Delta Lake table update column-wise in parallel - pyspark

I hope everyone is doing well. I have a long question therefore please bear with me.
Context:
So I have CDC payloads coming from the Debezium connector for Yugabyte in the following form:
r"""
{
"payload": {
"before": null,
"after": {
"id": {
"value": "MK_1",
"set": true
},
"status": {
"value": "new_status",
"set": true
},
"status_metadata": {
"value": "new_status_metadata",
"set": true
},
"creator": {
"value": "new_creator",
"set": true
},
"created": null,
"creator_type": null,
"updater": null,
"updated": null,
"updater_type": {
"value": "new_updater_type",
"set": true
}
},
"source": {
"version": "1.7.0.13-BETA",
"connector": "yugabytedb",
"name": "dbserver1",
"ts_ms": -4258763692835,
"snapshot": "false",
"db": "yugabyte",
"sequence": "[\"0:0::0:0\",\"1:338::0:0\"]",
"schema": "public",
"table": "customer",
"txId": "",
"lsn": "1:338::0:0",
"xmin": null
},
"op": "u",
"ts_ms": 1669795724779,
"transaction": null
}
}
"""
The payload consists of before and after fields. As , visible by the `op:u', this is an update operation. Therefore a row in Yugabyte table called customers with id MK_1 was updated with new values. However, the after field only shows those columns whose value has been updated. Therefore the fields in "after" which are null have not been updated e.g created is null and therefore have not been updated but status is {"value": "new_status", "set": true} which means the status column value has been updated to the new value of "new_status". Now I have PySpark Structured Streaming Pipeline which takes in these payloads, processes them, and then makes a micro-data frame of the following form:
id | set_id | status | set_status | status_metadata | set_status_metadata | creator | set_creator | created | creator_type | set_created_type | updater | set_updater | updated | set_updated | updater_type | set_updater_type
The "set_column" is either true or false depending on the payload.
Problem:
Now I have a delta table on delta lake with the following schema:
id | status | status_metadata | creator | created | created_type | updater | updated | updater_type
And I am using the following code to update the above delta table using the python delta lake API (v 2.2.0):
for column in fields_map:
delta_lake_merger.whenMatchedUpdate(
condition = f"update_table.op = 'u' AND update_table.set_{column} = 'true'"
, set={column : fields_map[column]}
).execute()
Now you might be wondering why I am doing an update column-wise rather than all the columns at once.
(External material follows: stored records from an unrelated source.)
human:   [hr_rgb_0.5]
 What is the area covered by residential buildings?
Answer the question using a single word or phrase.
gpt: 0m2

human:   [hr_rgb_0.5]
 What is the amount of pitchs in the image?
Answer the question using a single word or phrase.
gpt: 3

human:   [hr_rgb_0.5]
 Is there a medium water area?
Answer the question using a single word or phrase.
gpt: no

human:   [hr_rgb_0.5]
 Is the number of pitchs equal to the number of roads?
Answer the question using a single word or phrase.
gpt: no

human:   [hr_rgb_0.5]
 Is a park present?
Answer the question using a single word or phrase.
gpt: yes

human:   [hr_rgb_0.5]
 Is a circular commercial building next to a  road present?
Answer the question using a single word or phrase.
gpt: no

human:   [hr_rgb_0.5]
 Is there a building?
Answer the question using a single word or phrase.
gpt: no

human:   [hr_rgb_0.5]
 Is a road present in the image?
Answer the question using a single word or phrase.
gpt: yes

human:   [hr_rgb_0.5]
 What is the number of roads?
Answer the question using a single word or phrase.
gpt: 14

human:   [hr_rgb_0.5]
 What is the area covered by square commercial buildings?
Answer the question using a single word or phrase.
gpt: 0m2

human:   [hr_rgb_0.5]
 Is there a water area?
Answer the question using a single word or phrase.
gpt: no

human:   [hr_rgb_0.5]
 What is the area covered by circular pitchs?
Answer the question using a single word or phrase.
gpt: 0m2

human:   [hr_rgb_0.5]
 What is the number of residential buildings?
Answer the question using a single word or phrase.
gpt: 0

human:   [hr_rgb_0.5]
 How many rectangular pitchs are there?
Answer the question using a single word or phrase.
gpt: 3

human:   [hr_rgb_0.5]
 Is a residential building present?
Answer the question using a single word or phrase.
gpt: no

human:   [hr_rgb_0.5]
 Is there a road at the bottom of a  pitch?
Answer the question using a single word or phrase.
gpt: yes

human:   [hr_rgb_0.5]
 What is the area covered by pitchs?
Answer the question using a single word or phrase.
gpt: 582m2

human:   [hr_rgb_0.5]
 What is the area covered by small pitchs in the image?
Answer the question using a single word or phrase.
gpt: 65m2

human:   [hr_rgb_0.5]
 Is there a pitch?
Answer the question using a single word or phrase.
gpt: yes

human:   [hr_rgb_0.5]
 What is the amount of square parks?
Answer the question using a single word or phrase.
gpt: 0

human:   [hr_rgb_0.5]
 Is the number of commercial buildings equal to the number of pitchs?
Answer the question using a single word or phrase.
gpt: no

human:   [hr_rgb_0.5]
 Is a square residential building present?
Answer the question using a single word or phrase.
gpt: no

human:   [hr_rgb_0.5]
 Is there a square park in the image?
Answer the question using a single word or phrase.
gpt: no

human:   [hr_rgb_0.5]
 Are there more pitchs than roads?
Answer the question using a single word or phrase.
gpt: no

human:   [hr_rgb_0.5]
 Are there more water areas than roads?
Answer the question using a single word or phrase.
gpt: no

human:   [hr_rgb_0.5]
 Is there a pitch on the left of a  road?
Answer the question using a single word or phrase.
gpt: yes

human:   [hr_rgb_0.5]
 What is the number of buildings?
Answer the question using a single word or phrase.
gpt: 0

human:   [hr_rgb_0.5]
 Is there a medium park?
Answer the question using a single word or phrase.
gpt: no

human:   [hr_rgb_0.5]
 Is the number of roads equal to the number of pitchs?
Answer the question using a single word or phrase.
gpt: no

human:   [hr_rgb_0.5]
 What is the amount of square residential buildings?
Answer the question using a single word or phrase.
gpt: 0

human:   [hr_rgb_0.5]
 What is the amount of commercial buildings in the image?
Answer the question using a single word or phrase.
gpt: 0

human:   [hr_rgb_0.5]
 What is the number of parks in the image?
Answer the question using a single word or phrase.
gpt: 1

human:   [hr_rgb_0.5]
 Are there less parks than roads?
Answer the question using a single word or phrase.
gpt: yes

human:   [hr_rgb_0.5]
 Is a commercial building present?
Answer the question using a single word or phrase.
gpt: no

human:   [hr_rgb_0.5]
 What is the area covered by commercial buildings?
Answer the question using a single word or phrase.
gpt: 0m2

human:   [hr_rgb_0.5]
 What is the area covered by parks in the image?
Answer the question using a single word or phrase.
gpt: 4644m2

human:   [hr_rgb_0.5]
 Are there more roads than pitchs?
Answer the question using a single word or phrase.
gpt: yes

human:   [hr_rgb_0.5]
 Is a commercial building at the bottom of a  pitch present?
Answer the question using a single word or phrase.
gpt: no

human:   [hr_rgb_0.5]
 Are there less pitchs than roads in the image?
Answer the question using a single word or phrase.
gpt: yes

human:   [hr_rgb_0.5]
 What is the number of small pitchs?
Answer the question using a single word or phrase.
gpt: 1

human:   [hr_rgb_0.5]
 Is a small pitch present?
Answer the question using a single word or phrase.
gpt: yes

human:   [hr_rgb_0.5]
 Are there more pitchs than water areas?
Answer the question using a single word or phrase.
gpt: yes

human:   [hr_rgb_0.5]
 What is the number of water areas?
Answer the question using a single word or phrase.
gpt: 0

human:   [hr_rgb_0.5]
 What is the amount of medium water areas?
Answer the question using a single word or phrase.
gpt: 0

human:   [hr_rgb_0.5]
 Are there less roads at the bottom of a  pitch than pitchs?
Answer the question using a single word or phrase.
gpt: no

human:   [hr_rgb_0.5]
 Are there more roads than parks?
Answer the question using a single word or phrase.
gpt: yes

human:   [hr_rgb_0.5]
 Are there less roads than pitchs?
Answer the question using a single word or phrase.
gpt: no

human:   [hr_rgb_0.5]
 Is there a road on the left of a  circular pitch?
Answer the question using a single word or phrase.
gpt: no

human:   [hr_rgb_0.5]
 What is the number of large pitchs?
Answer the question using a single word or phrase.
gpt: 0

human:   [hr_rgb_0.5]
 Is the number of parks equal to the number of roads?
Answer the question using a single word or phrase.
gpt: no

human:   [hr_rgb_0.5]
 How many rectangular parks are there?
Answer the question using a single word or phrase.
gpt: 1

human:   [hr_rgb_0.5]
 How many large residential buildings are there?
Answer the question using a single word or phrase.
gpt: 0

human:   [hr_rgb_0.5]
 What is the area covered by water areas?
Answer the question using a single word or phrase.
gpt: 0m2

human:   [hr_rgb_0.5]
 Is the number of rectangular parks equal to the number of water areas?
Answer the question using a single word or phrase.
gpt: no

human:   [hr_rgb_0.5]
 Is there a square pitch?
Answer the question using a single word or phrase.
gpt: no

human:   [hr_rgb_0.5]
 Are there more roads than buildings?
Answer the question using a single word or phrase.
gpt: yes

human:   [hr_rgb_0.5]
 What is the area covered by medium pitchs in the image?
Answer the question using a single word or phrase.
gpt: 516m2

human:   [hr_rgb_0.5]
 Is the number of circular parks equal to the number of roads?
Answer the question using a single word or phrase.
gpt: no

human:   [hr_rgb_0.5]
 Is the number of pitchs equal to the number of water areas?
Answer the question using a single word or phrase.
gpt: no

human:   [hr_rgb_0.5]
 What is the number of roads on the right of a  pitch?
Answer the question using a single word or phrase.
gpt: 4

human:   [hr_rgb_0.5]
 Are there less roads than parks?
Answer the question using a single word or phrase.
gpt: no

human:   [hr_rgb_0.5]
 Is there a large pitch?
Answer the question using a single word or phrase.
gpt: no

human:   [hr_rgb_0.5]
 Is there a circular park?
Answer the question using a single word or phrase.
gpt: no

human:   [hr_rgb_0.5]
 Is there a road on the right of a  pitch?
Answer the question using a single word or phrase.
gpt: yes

This is exactly the problem that I am facing. If I update all of the columns at once without set_col = true condition then it will overwrite the entire state of the rows for the matching id in the delta table. This is not what I want.
What do I want?
I only want to update those columns from the payload whose values are not null in the payload. If I update all columns at once like this:
delta_lake_merger.whenMatchedUpdate(
condition = f"update_table.op = 'u'"
, set=fields_map
).execute()
Then delta lake api will also replace those columns which have not been updated with nulls in the delta table since this is the value for the non-updating columns in the cdc package.The above iterative  solution works where I do an update column-wise for all of the rows in the delta table since it just ignores the specific row in the given column whose set_column is False and therefore keeps the existing value on the delta table.
However, this is slow since it writes the data N times in a sequential manner which bottlenecks my streaming query. Since all of the column-wise updates are independent, is there any way in delta lake python API, I can update all of the columns at once but with the set_column condition as well? I know there might be a way because each of these is just a independent call to write data for each column with the given condition. I want to call the execute command at once for all columns with the set_condition rather than putting it in a loop.
PS: I was thinking of using asyncio library for python but not so sure. Thank you so much.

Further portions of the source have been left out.